Certain life skills seemed innate in kids – like the traditional IQ, children seemed to be born with certain levels of ability in these areas. Goleman’s second assertion is that these Emotional Intelligence skills can be taught. Children can learn and practice these wonderfully valuable qualities under the guidance of thoughtful and aware adults – parents, teachers, and youth leaders of all sorts.


Real Challenges Build Resiliency


Talking about self-esteem or trying to bolster it in kids does not work without real challenge in safe and supportive communities. Children away from home, with new friends and the new challenges of camp can learn much about themselves, their own strengths, and abilities.

Perhaps the canoe doesn’t head where it should at first, or a cabin-mate is unwilling to be friendly. Away from the familiarity of home and school, campers can test their own perseverance, and, with caring and thoughtful help, build new life skills for themselves.

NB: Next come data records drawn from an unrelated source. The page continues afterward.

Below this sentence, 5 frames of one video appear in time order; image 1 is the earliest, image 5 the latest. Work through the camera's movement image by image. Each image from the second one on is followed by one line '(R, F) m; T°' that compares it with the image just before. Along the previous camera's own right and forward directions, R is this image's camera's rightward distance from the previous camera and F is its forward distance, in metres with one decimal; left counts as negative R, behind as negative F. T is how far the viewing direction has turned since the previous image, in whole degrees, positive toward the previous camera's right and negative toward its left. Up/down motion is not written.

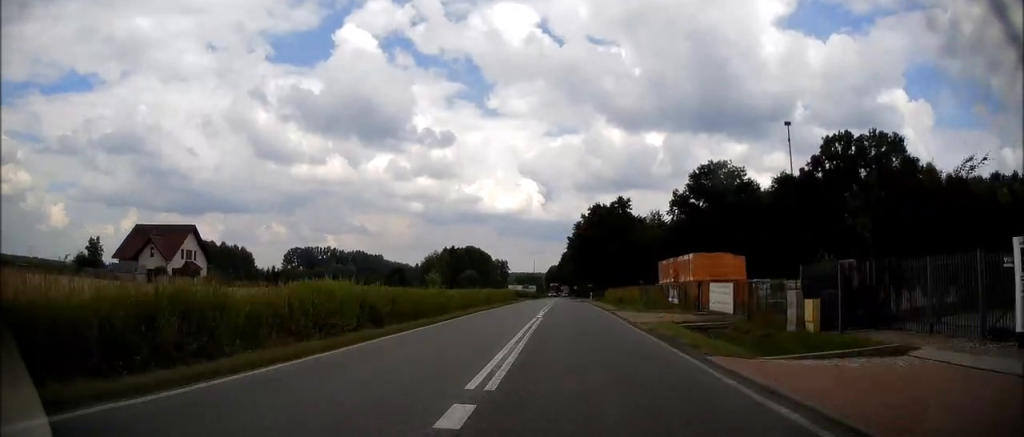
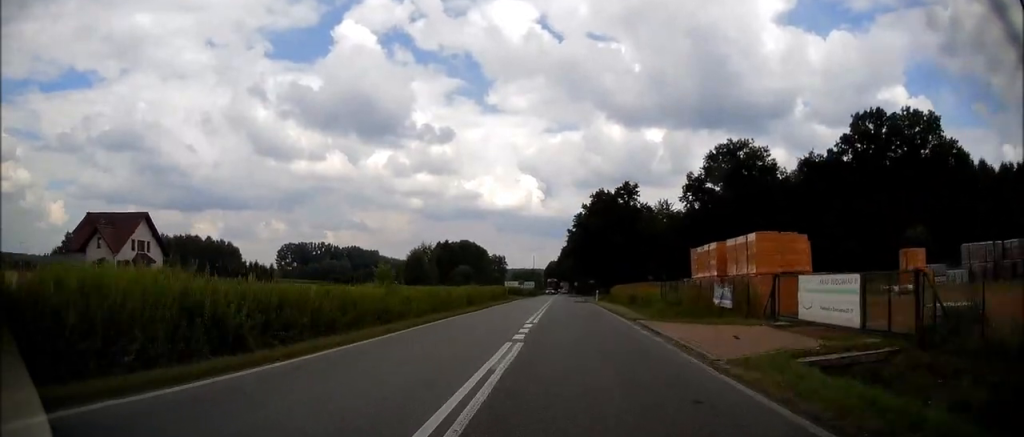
(+0.1, +11.6) m; 0°
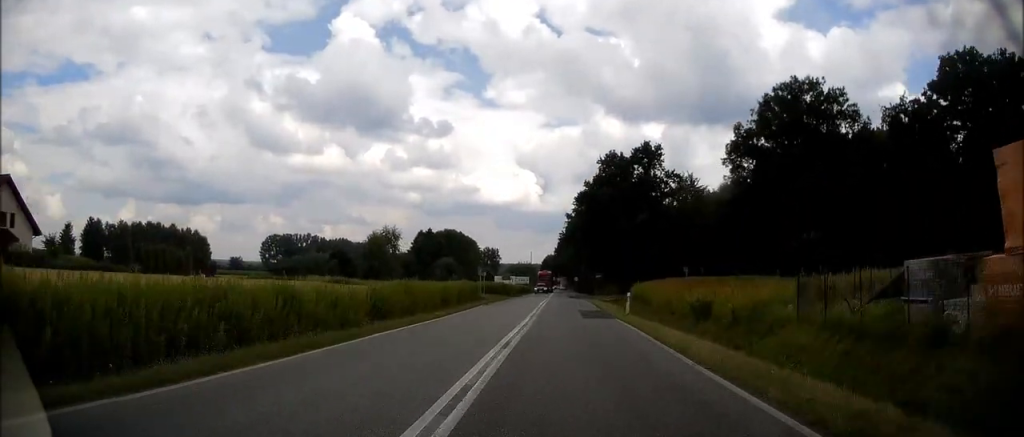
(-0.2, +24.9) m; 0°
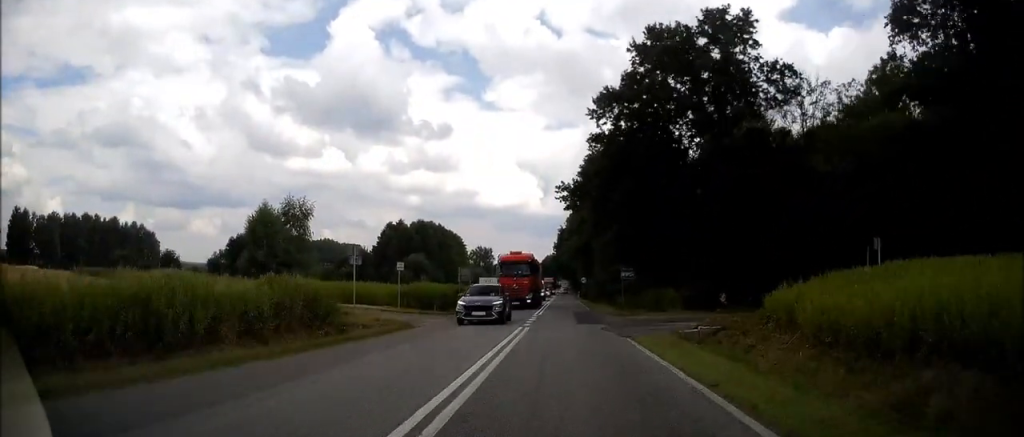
(+0.1, +36.0) m; 0°
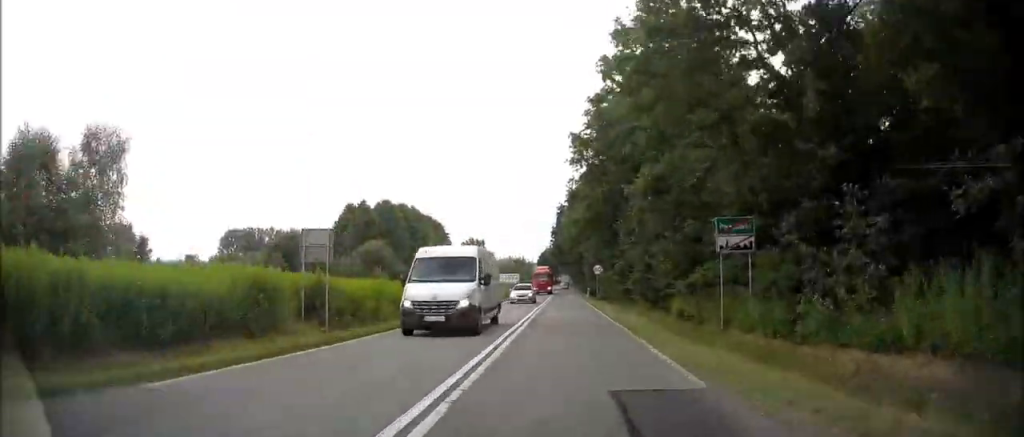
(-0.1, +30.8) m; +2°

Meeting these challenges brings true self-esteem, the kind that is earned, not empty words.


For Life Lessons, Timing is Everything


Counselors at camp teach archery or pottery or swimming while showing children the value of the varied skills and talents of their friends.

Parents are amazed at the clear progress their campers make during even a relatively short time at camp. Given that Emotional Intelligence is at the very heart of the camp experience, this progress is not surprising.

A parent of a ten-year-old boy comments in a camp evaluation: “Living in such close quarters was not without its challenges for Roger, but he is much more able to handle social challenges at school since his return. And he came home just generally a nicer boy in all respects.”

Another explains: “Of course I am glad my girls had fun and learned some new skills, but their new-found maturity and caring for each other was really what I had hoped would happen.”

Camp is a key opportunity for growth, both for children who thrive at school and for those who struggle. Talented students develop their abilities to cooperate and share in a community where they don’t worry about grades and academic competition. Children whose school lives are difficult find real rewards in new opportunities to shine. Having a chance to practice being a leader may be a rare experience for them indeed!


After Camp and Beyond


When campers return home from camp, parents can help them keep building their summer skills throughout the year. Chores are often a great teaching opportunity at home, for example. Parents who model working together as a family to get jobs done are reinforcing vital lessons from camp.

Empathy means recognizing others’ needs, literally “feeling with” another person. Television reports are full of stories of children who have not been taught to empathize, children who become bullies or delinquents or worse. Parents can use these same TV reports as teaching moments about caring and sympathy.

Parents who build a year-round program to teach Emotional Intelligence skills to their kids will find the lessons reinforce each other in wonderful ways.